··· Records to process

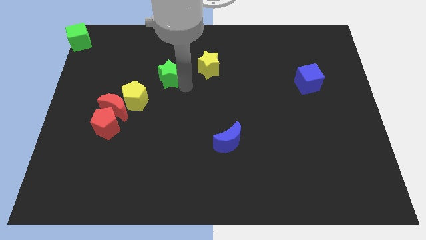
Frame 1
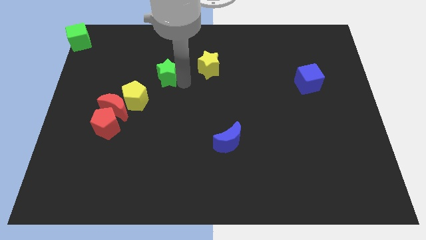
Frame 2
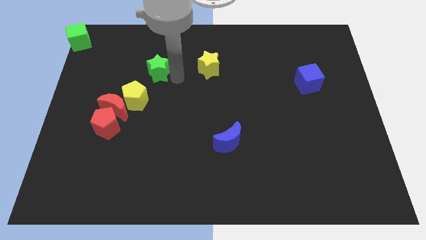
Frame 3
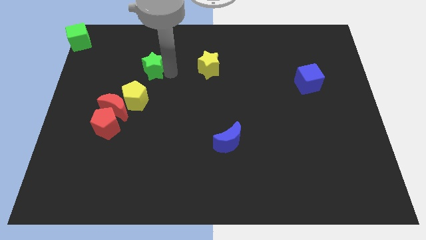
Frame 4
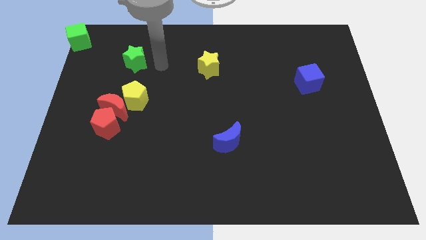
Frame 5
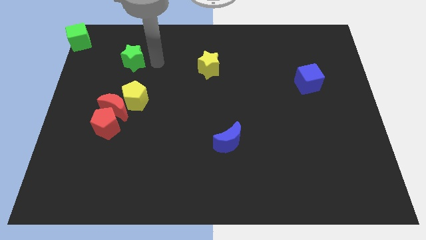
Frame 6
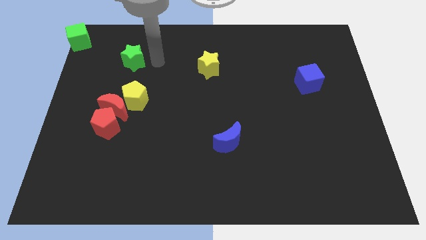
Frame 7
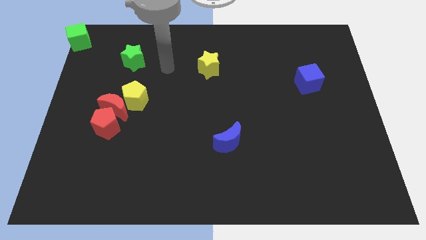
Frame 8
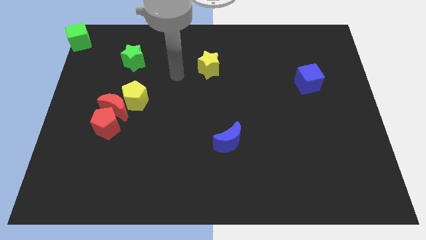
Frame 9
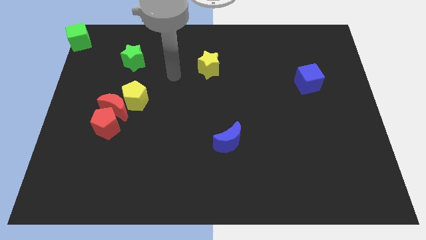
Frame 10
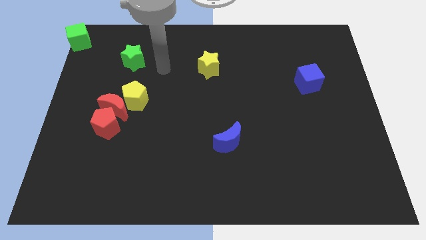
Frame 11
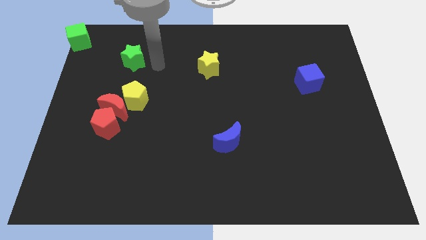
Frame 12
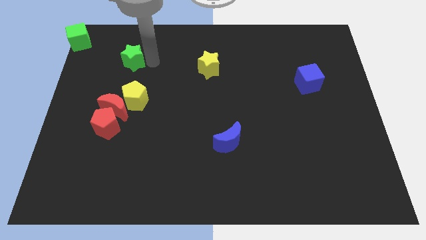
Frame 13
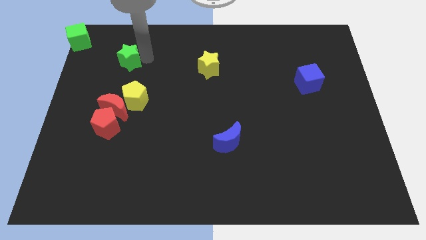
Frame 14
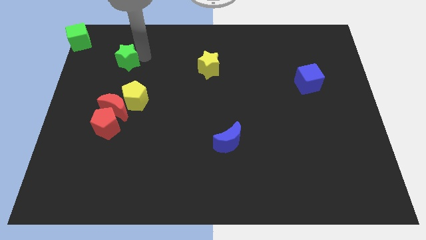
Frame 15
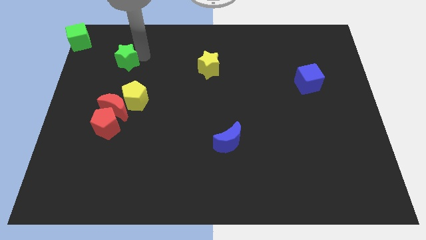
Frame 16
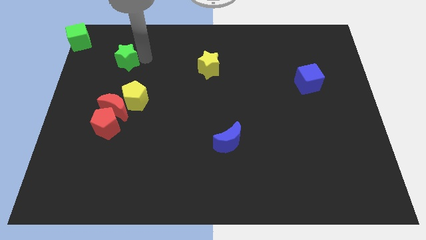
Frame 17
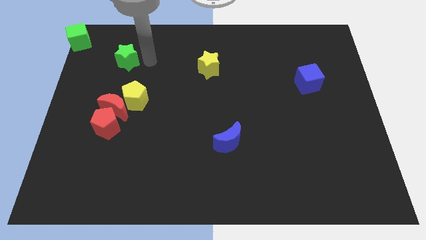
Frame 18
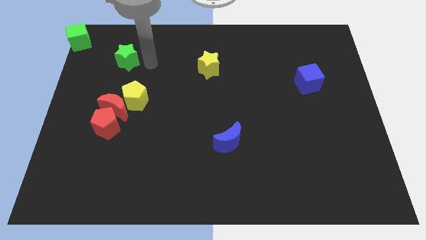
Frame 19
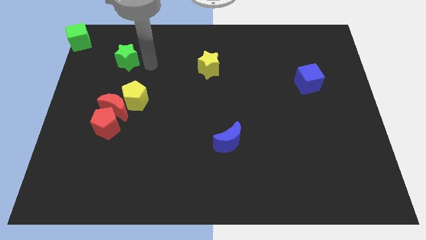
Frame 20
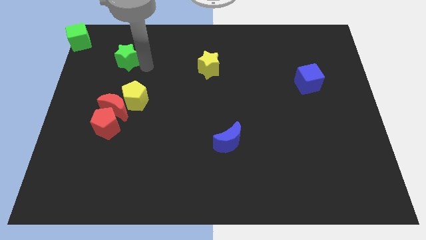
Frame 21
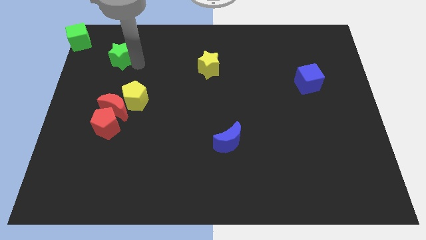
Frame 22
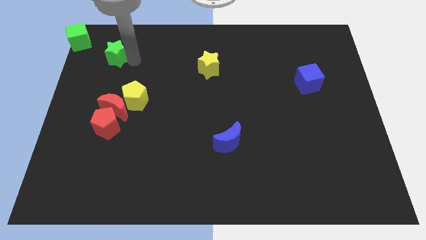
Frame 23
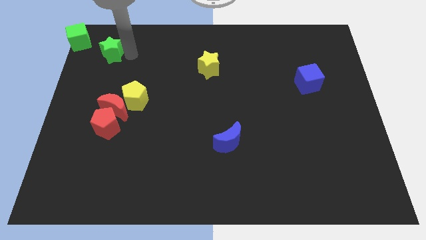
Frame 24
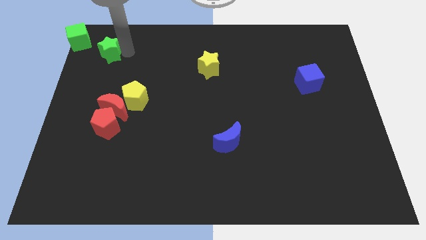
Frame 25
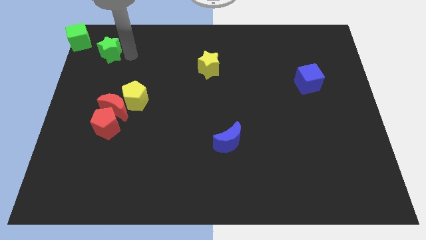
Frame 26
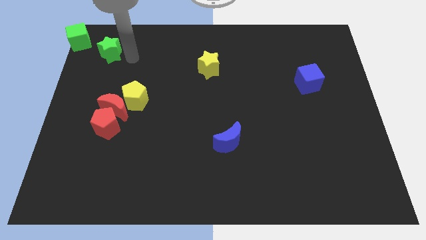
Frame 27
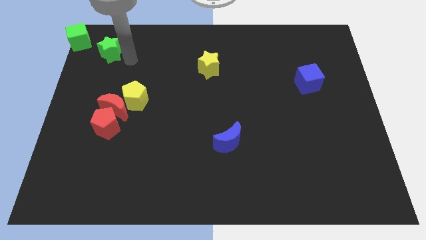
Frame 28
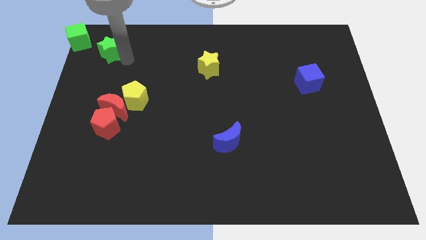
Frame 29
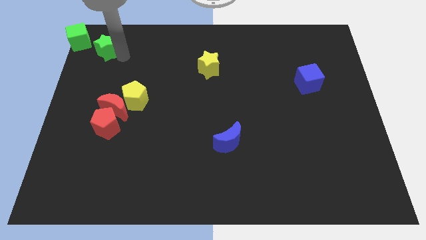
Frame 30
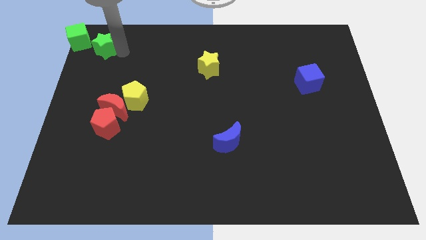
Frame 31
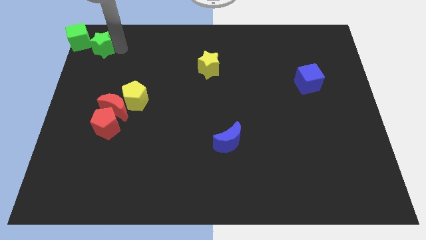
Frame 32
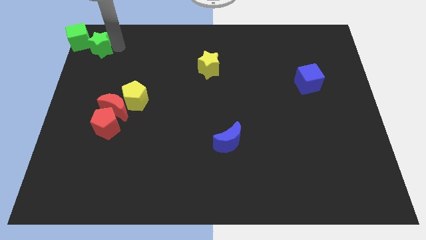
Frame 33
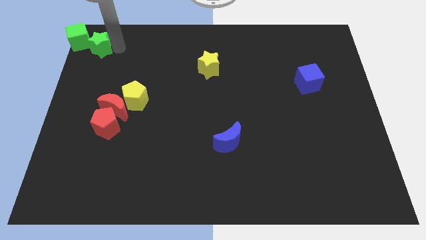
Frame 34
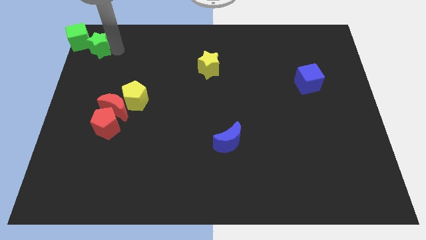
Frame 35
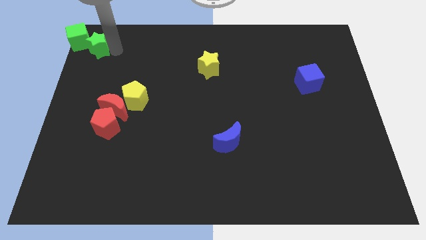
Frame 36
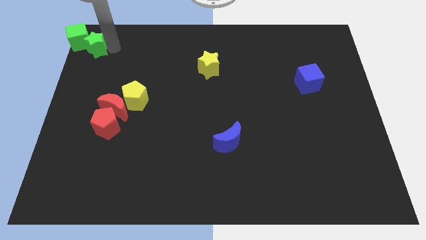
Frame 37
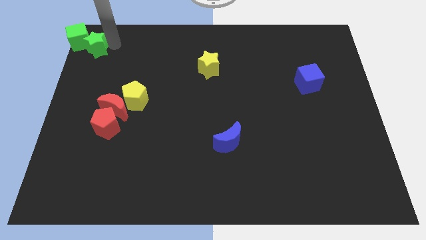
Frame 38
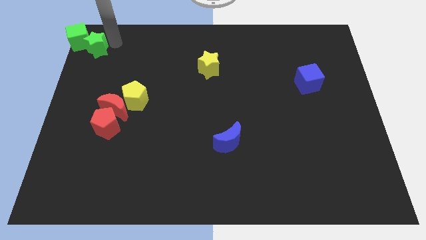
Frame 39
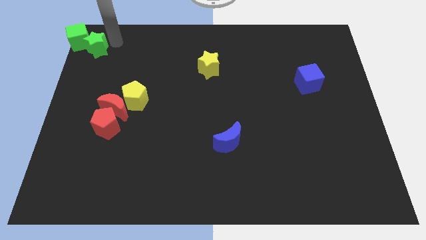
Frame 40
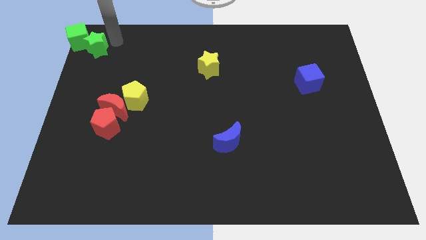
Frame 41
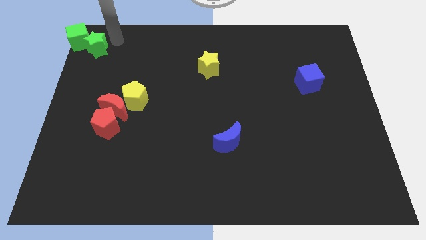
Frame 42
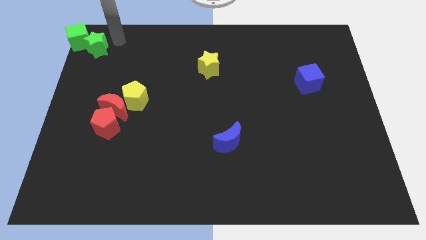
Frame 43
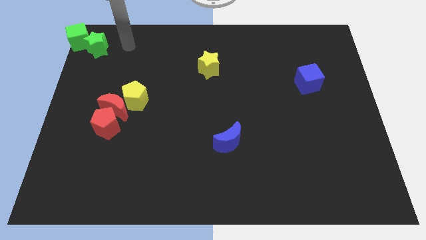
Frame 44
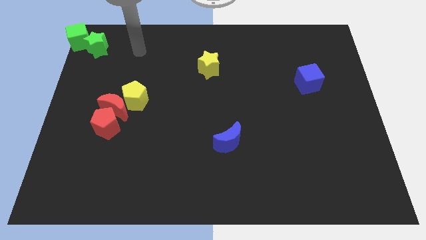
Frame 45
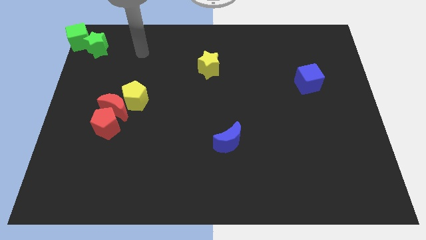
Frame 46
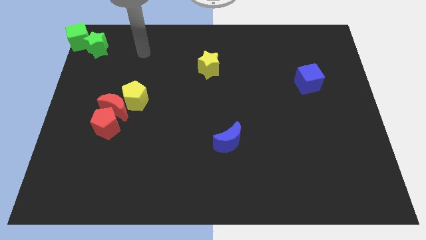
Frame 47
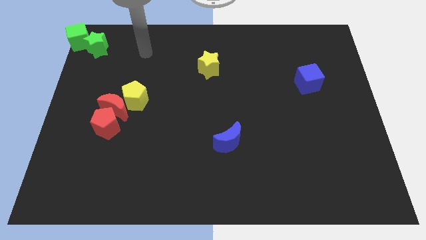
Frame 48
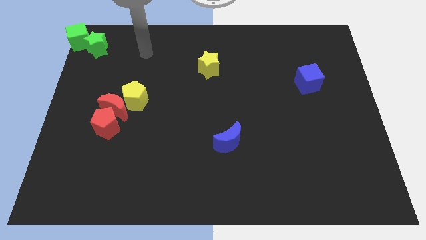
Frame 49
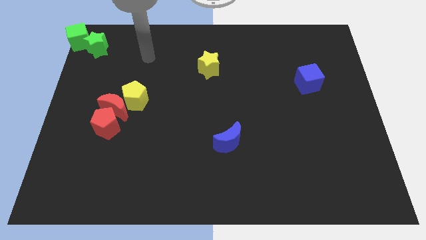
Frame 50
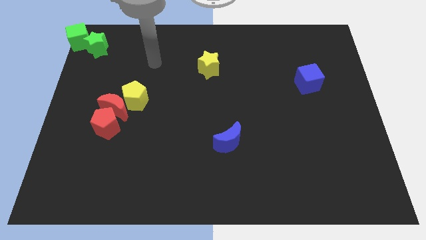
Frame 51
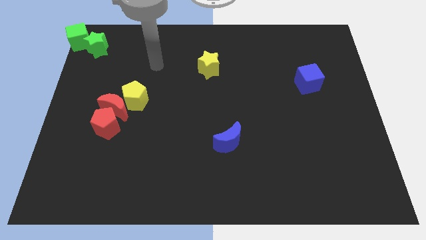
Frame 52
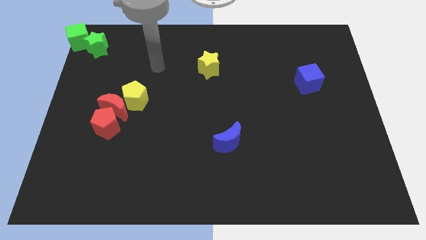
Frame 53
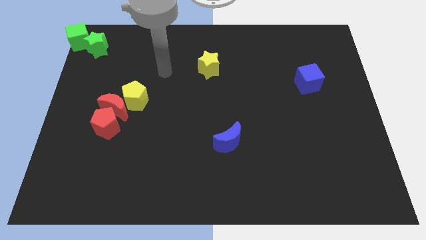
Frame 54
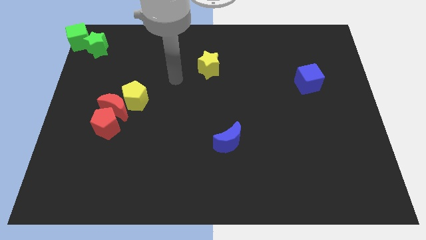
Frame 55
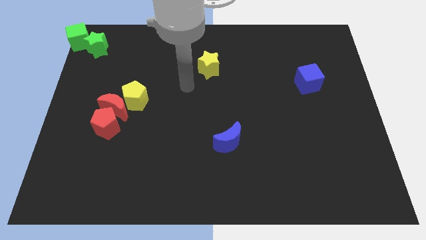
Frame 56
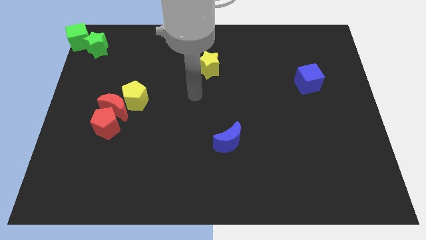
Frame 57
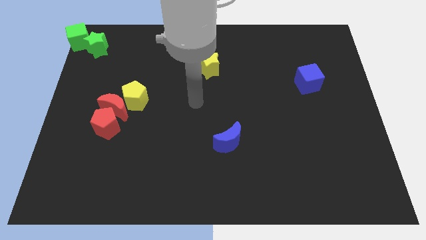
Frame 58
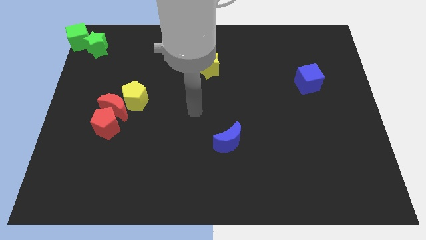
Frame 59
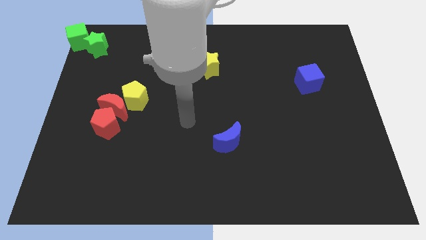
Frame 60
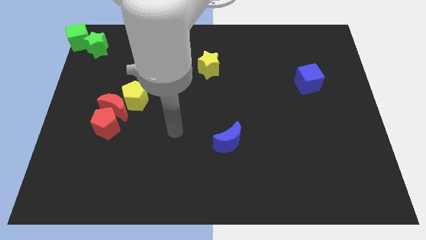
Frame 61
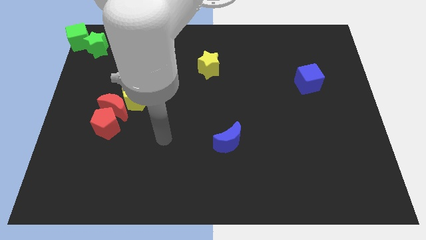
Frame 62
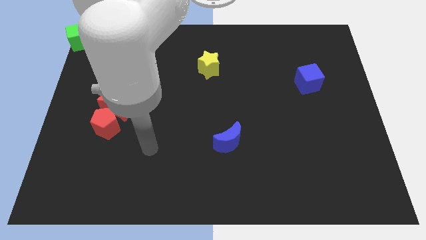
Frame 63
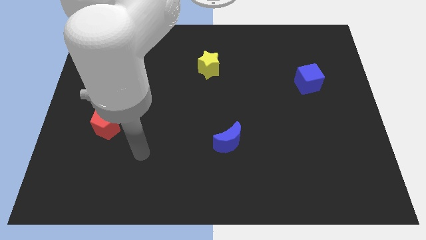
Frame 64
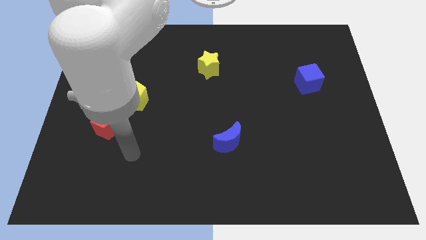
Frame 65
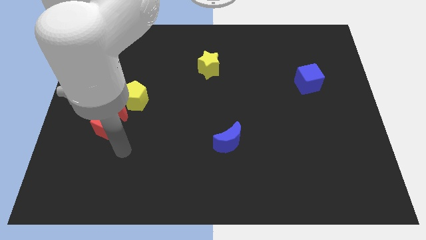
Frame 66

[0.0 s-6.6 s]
place the green star bottom right to the green cube

······

• [What is expected] Copy out the records exactly; the pictures stay behind.

• [Response]
Frame 1
Frame 2
Frame 3
Frame 4
Frame 5
Frame 6
Frame 7
Frame 8
Frame 9
Frame 10
Frame 11
Frame 12
Frame 13
Frame 14
Frame 15
Frame 16
Frame 17
Frame 18
Frame 19
Frame 20
Frame 21
Frame 22
Frame 23
Frame 24
Frame 25
Frame 26
Frame 27
Frame 28
Frame 29
Frame 30
Frame 31
Frame 32
Frame 33
Frame 34
Frame 35
Frame 36
Frame 37
Frame 38
Frame 39
Frame 40
Frame 41
Frame 42
Frame 43
Frame 44
Frame 45
Frame 46
Frame 47
Frame 48
Frame 49
Frame 50
Frame 51
Frame 52
Frame 53
Frame 54
Frame 55
Frame 56
Frame 57
Frame 58
Frame 59
Frame 60
Frame 61
Frame 62
Frame 63
Frame 64
Frame 65
Frame 66

[0.0 s-6.6 s]
place the green star bottom right to the green cube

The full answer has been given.